Northern Glen vs French Gray
Where Northern Glen belongs to Behr's range, French Gray is a Farrow & Ball color. Northern Glen reads as green-grey, while French Gray reads as beige-greige — two distinct hue families, not close cousins. French Gray (LRV 43) reflects noticeably more light than Northern Glen (LRV 11), a difference of 32 points that becomes especially apparent in rooms with limited natural light. Northern Glen runs green while French Gray is decidedly warm, which means they'll respond very differently to warm vs cool light sources. With a ΔE of 33.3, the contrast is hard to miss. These aren't variations on a theme — they're two different answers to the same question. Below you'll find 1 real-room photo comparison where both colors appear side by side, plus 5 simulated room previews.
Northern Glen vs French Gray in Real Spaces
1 real room side by side. Seeing Northern Glen and French Gray in actual rooms makes the difference concrete; browse the spaces below to get a feel for how each color lives on a wall.
House
Seen across an entire facade, subtle tonal differences become pronounced. What reads as nearly the same on a chip often reads as clearly different at scale. French Gray reflects noticeably more light off the walls, making the space read more open than Northern Glen.
Color Details
Northern Glen vs French Gray Simulated Comparison
5 simulated room previews — drag the slider on each to see Northern Glen on one side and French Gray on the other.
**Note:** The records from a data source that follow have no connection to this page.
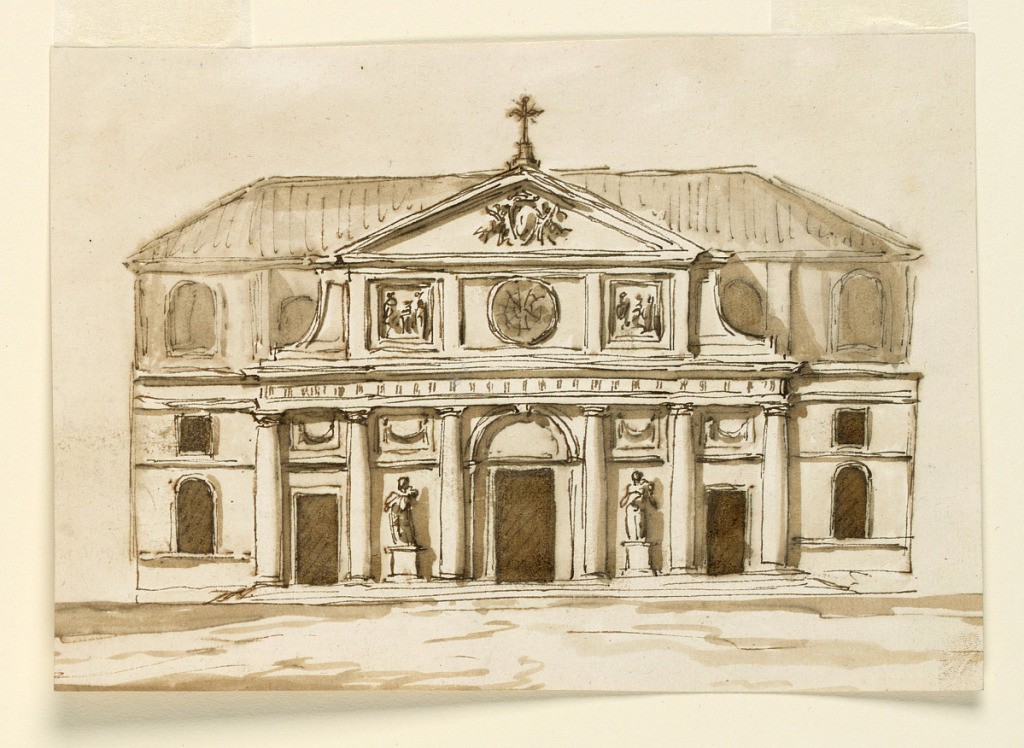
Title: Elevation of a church
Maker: Giuseppe Barberi, Italian, 1746–1809
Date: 1796
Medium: Pen and brown ink, brush and brown wash on off-white laid paper
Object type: Drawing
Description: A variation of 1938-88-1228, main design. The main differences are: high arched windows and square ones are in the two stories of the lateral sections. The attic is divided into three panels; the lateral ones showing reliefs. Beside and behind the pediment are shown the upper receding parts of the wall of the nave of the apse and the roof.
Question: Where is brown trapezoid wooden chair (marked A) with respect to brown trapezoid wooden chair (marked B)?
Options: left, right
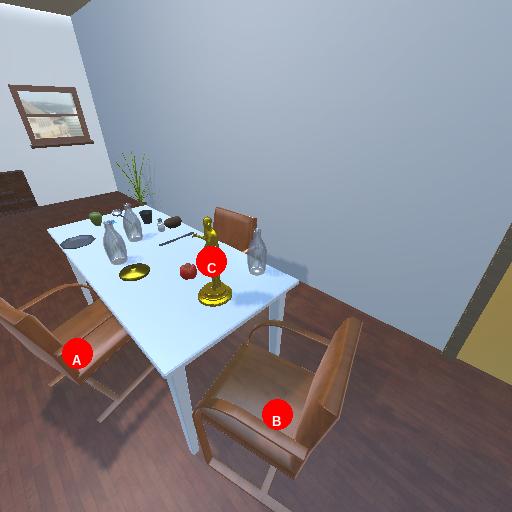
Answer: left
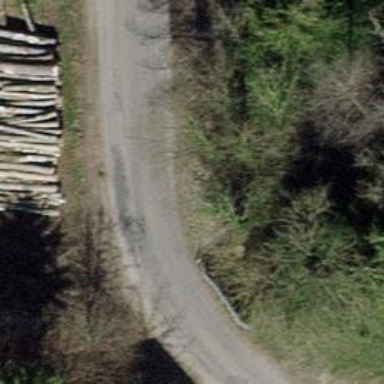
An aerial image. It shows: Unclassified road with asphalt surface.

Digital color is approximate. These simulations are generated from the manufacturer's hex values and overlaid on grayscale room photos — your screen's calibration, brightness, and viewing angle all affect how they render. Before committing to either color, test physical samples in your own space under the light you actually live with.
More Northern Glen comparisons
See how Northern Glen stacks up against other well-photographed colors across different brands and tones.